Painting damaged in Beirut blast identified as a work by Artemisia Gentileschi


A painting rescued from the debris of a historic mansion, destroyed by the 4 August 2020 double explosion in the port of Beirut, has been identified as a long-lost painting by the 17th-century Italian artist Artemisia Gentileschi. It is currently undergoing restoration at the J. Paul Getty Museum in Los Angeles before returning to its former residence, the Sursock Palace, the Getty announced this week.

The large-scale work depicts the figures of Hercules and Omphale and had previously been attributed to an anonymous artist. It sustained significant damage from the catastrophic blasts, which caused more than 200 deaths and reduced buildings to rubble.

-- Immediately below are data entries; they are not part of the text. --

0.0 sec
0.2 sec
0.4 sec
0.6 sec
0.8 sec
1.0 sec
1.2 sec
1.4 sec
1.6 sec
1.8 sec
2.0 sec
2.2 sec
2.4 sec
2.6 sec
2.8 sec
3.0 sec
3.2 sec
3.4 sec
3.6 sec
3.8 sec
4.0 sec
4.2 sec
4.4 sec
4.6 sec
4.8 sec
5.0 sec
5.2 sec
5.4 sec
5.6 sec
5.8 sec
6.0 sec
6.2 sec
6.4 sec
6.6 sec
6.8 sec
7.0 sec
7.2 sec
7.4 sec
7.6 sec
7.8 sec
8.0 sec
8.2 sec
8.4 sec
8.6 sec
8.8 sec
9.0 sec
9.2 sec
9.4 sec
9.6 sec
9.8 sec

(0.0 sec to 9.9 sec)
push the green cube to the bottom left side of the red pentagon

Images of the work show rips throughout the canvas, including a long, jagged tear that runs along Hercules’ knee and calf.

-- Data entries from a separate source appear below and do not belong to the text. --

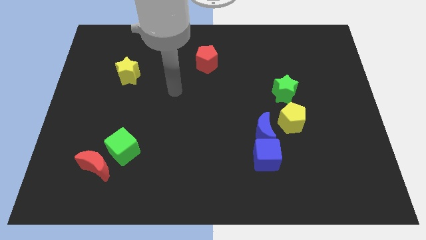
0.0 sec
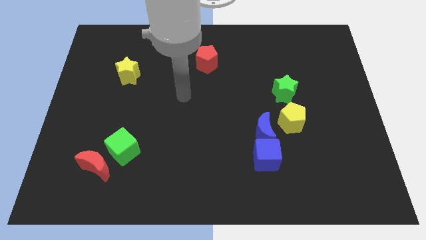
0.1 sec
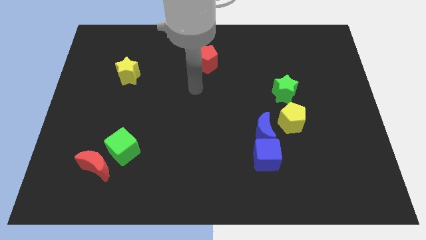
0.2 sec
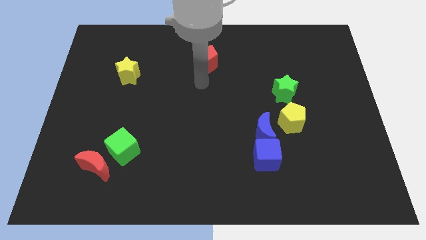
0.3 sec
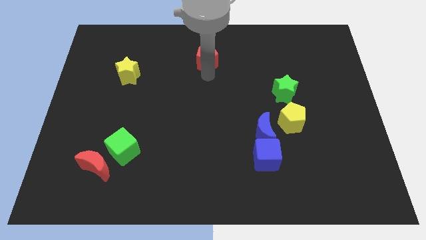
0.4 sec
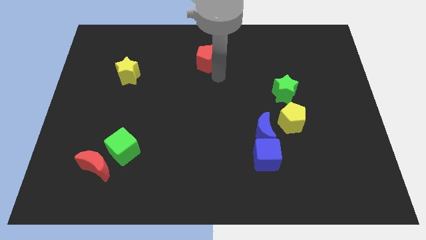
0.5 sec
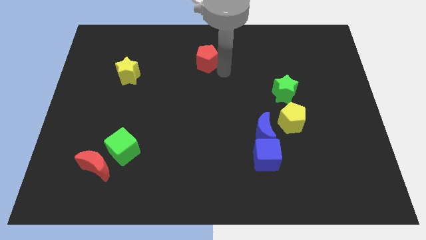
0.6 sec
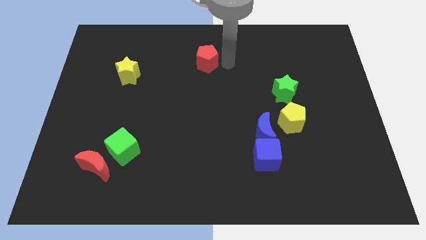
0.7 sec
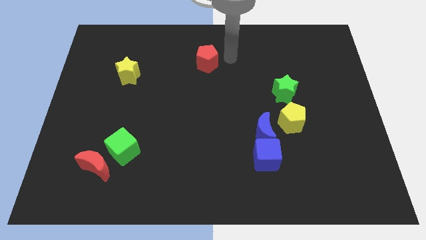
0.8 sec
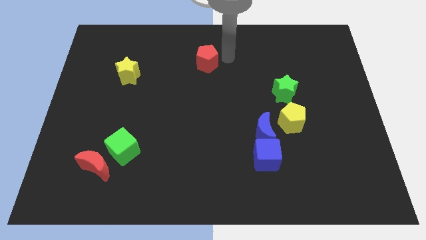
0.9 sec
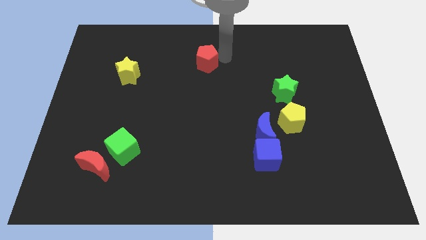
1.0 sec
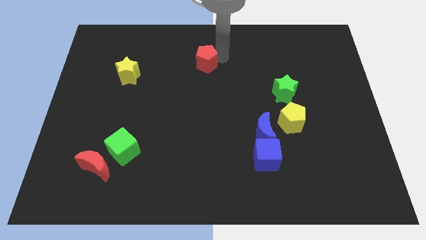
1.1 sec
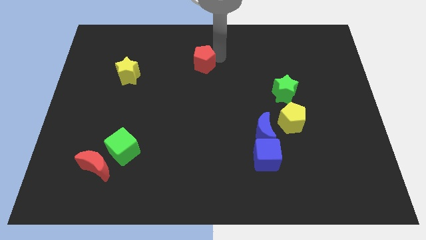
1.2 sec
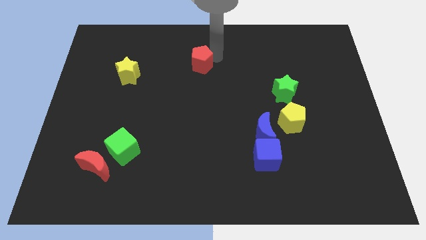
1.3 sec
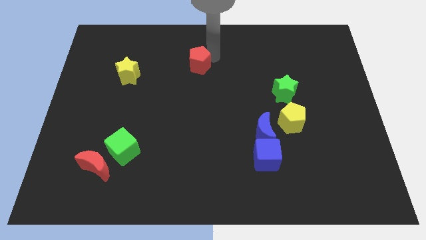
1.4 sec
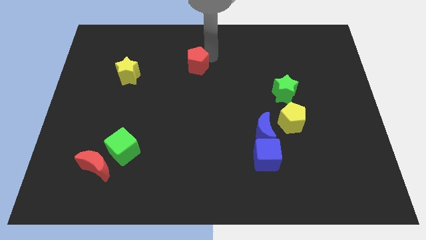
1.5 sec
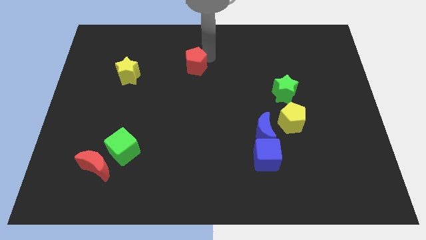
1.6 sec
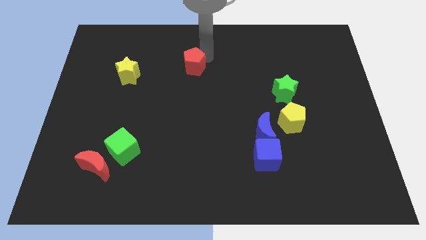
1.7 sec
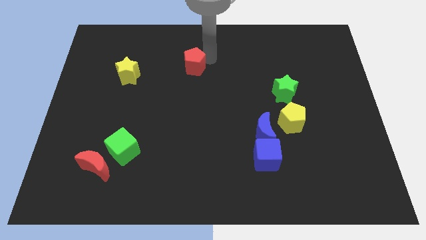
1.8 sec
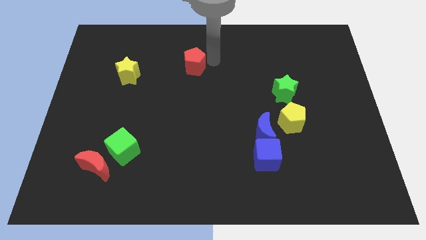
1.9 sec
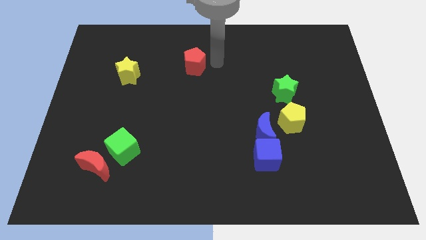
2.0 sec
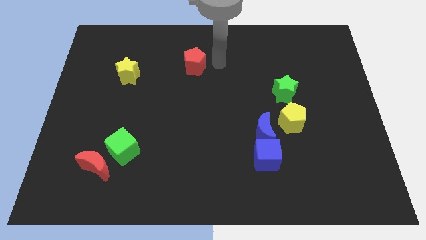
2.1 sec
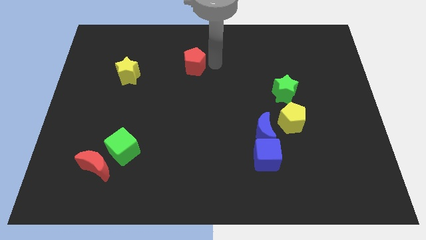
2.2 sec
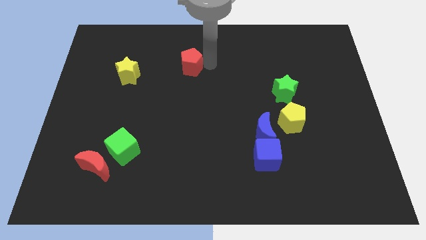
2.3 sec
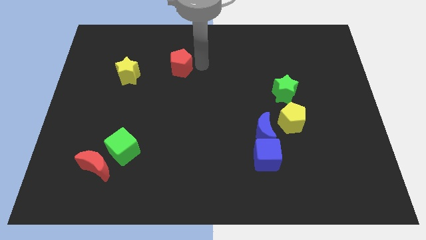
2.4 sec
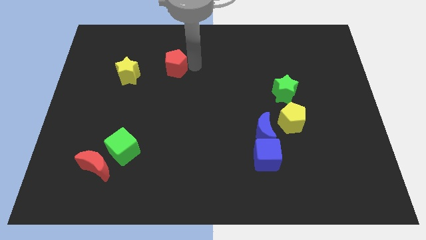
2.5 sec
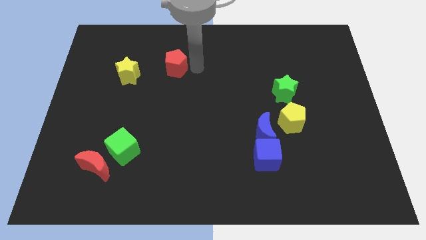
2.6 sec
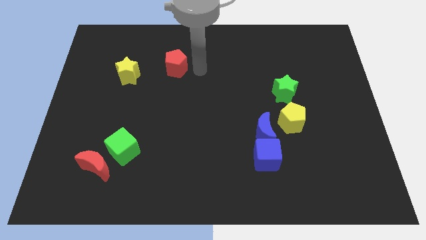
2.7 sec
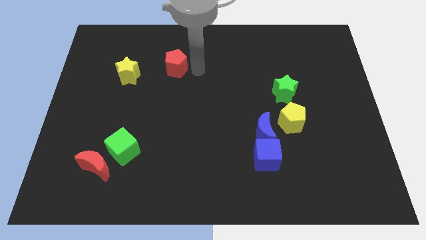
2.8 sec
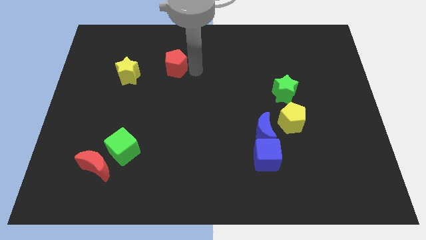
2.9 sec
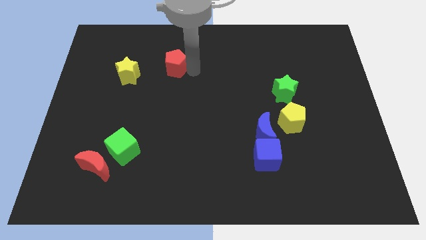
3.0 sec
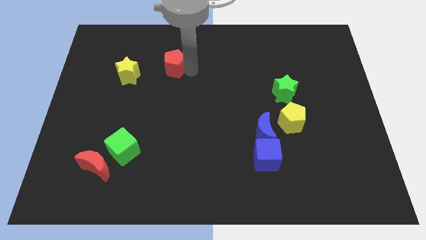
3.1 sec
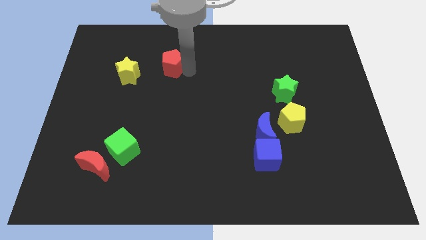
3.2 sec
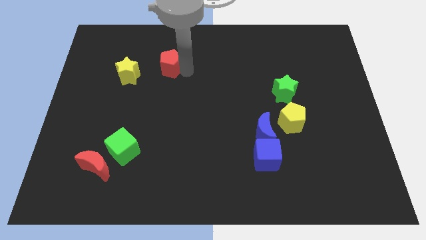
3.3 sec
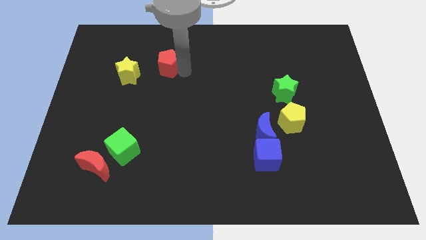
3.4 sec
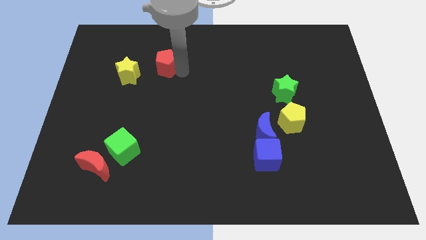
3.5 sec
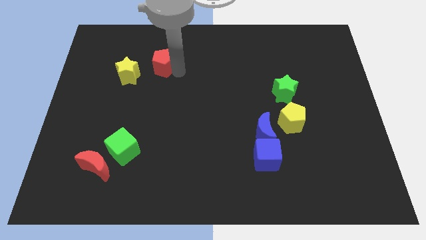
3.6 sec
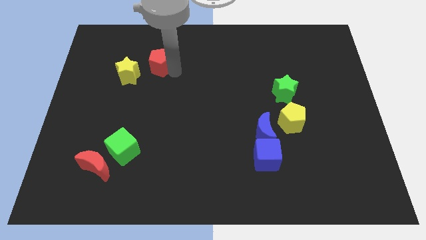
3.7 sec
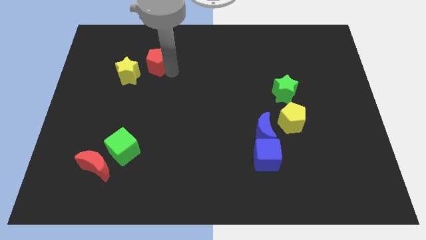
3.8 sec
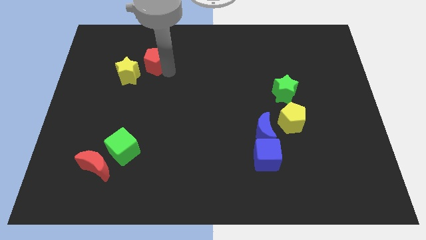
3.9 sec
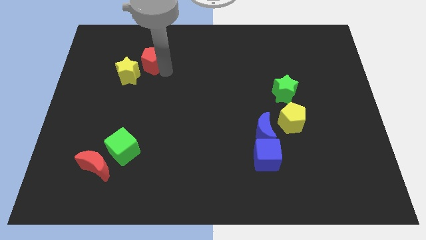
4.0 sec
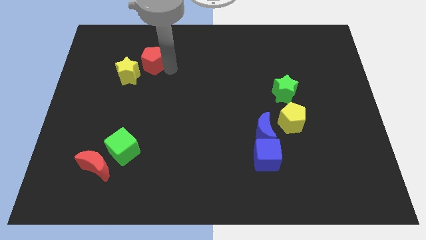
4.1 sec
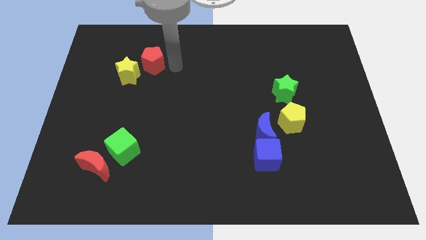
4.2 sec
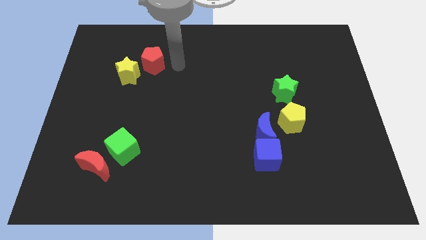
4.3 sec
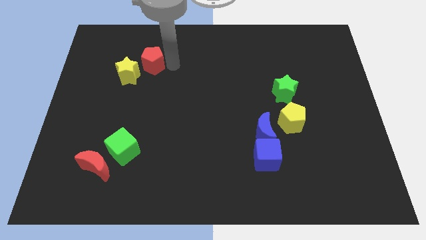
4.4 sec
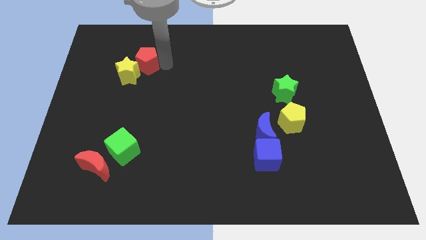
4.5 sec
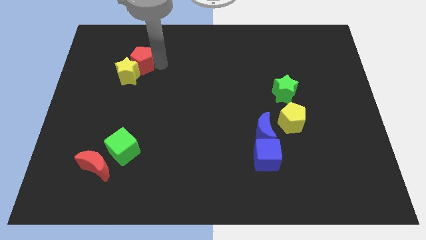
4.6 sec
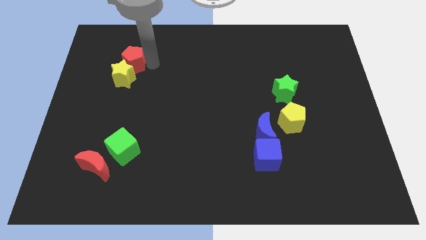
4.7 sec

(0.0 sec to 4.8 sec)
push the red pentagon to the top left side of the yellow star

Timothy Potts, the director of the J. Paul Getty Museum, described Hercules and Omphale in a statement as “one of the most important recent discoveries within the corpus of Artemisia Gentileschi, demonstrating her ambition for depicting historical subjects, something that was virtually unprecedented for a female artist in her day”.

Restoration of Artemisia Gentileschi’s Hercules and Omphale at the Getty Photo by Cassia Davis. © 2022 J. Paul Getty Trust / Sursock Palace Collections, Beirut, Lebanon

Key to the painting’s rediscovery is the research of Gregory Buchakjian, a Lebanese art historian who studied the work in the early 1990s. Buchakjian had attributed two canvases to Gentileschi while working on his master’s thesis in Paris, which focused on the paintings in the collection of the Sursock Palace, a grand family home built in the mid-19th century that stands opposite the Sursock Museum. But his research was unpublished until he wrote about it in Apollo Magazine a few months after the Beirut explosion, following a visit he made to the devastated mansion. The article garnered wide interest and led to Buchakjian presenting his research at a conference organised in 2021 by the Medici Archive Project in Florence.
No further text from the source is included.